What to produce » Write out the stretch of lines below that begins at the line with "Full cylindrical faces" and ends at the line with "Entity records: 5821", including both, exactly as given and nothing more.

Provided records »

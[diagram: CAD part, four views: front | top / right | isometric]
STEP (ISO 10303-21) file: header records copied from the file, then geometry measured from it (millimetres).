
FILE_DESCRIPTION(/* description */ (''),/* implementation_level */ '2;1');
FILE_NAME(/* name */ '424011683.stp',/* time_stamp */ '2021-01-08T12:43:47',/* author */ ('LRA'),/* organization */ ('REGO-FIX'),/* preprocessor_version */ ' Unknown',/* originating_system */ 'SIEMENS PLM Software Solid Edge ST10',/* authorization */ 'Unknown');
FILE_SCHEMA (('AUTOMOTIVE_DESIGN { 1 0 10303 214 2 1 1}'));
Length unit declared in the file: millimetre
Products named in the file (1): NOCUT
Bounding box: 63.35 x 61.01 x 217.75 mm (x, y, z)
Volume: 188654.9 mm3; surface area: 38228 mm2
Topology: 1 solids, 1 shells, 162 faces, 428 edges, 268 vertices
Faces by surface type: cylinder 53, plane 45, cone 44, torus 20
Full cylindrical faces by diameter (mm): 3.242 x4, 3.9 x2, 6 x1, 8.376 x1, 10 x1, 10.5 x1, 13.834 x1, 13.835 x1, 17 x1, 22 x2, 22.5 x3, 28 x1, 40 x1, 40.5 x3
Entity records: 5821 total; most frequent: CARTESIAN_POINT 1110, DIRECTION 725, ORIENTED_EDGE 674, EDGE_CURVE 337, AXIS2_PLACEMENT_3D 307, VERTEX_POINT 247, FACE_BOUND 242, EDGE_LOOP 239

...

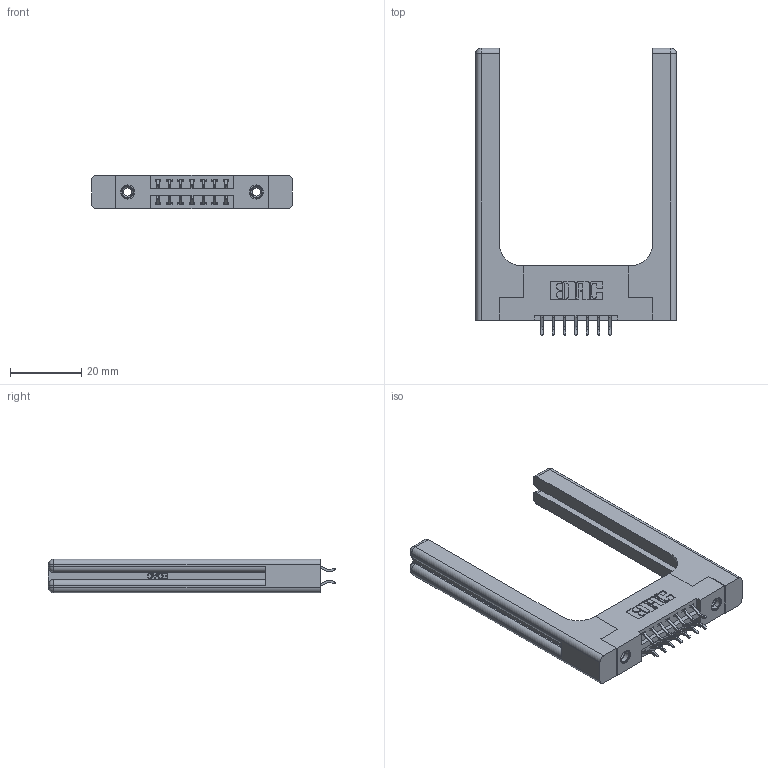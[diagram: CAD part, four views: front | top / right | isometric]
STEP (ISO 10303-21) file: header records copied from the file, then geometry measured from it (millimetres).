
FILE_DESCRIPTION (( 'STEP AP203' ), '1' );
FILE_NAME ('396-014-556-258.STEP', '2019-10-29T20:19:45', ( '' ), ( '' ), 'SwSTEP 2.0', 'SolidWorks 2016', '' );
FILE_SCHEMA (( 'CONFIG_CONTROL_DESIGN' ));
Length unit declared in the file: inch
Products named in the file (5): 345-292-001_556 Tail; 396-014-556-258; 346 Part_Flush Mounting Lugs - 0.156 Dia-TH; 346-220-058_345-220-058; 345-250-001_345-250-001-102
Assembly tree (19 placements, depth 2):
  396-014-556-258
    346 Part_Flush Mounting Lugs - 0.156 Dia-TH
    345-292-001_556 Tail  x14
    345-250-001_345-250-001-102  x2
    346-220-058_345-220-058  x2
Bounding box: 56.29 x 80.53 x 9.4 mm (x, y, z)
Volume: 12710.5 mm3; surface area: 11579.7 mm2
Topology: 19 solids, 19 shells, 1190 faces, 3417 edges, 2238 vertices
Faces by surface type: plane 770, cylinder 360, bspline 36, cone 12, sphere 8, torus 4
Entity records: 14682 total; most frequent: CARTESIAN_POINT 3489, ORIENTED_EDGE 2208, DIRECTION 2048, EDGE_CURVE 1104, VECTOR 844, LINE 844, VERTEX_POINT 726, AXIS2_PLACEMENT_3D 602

Answer »
Full cylindrical faces by diameter (mm): 3.242 x4, 3.9 x2, 6 x1, 8.376 x1, 10 x1, 10.5 x1, 13.834 x1, 13.835 x1, 17 x1, 22 x2, 22.5 x3, 28 x1, 40 x1, 40.5 x3
Entity records: 5821 total; most frequent: CARTESIAN_POINT 1110, DIRECTION 725, ORIENTED_EDGE 674, EDGE_CURVE 337, AXIS2_PLACEMENT_3D 307, VERTEX_POINT 247, FACE_BOUND 242, EDGE_LOOP 239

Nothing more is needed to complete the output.